- WHAT YOU WILL DO -
Extract from the entries below, exactly as given, only the lines from the line containing "Modality: T1w" to the line containing "Aerial imagery of", both lines included.

[[ RECORDED DATA, beginning ]]

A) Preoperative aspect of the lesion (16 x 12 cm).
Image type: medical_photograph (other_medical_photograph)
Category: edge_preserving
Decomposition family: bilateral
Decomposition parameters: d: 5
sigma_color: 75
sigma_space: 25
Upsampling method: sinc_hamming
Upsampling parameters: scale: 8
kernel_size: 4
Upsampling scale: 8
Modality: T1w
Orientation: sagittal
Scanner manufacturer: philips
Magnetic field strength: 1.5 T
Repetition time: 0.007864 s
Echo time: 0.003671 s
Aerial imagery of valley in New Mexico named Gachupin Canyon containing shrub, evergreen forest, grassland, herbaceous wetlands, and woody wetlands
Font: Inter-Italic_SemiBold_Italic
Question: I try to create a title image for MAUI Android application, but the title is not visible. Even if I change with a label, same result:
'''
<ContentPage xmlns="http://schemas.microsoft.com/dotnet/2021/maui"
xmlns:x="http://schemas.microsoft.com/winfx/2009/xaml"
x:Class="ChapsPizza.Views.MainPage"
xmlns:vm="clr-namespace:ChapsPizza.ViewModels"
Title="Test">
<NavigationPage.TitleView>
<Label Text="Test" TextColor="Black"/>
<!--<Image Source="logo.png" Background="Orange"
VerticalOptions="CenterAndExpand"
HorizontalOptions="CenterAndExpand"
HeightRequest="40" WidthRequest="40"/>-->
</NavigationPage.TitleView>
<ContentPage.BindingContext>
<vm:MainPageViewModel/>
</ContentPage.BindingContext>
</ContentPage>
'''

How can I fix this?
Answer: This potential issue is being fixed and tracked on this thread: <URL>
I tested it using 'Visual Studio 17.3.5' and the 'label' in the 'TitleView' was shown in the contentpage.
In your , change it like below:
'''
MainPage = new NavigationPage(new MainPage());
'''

[[ RECORDED DATA, end ]]

- TASK ANSWER -
Modality: T1w
Orientation: sagittal
Scanner manufacturer: philips
Magnetic field strength: 1.5 T
Repetition time: 0.007864 s
Echo time: 0.003671 s
Aerial imagery of valley in New Mexico named Gachupin Canyon containing shrub, evergreen forest, grassland, herbaceous wetlands, and woody wetlands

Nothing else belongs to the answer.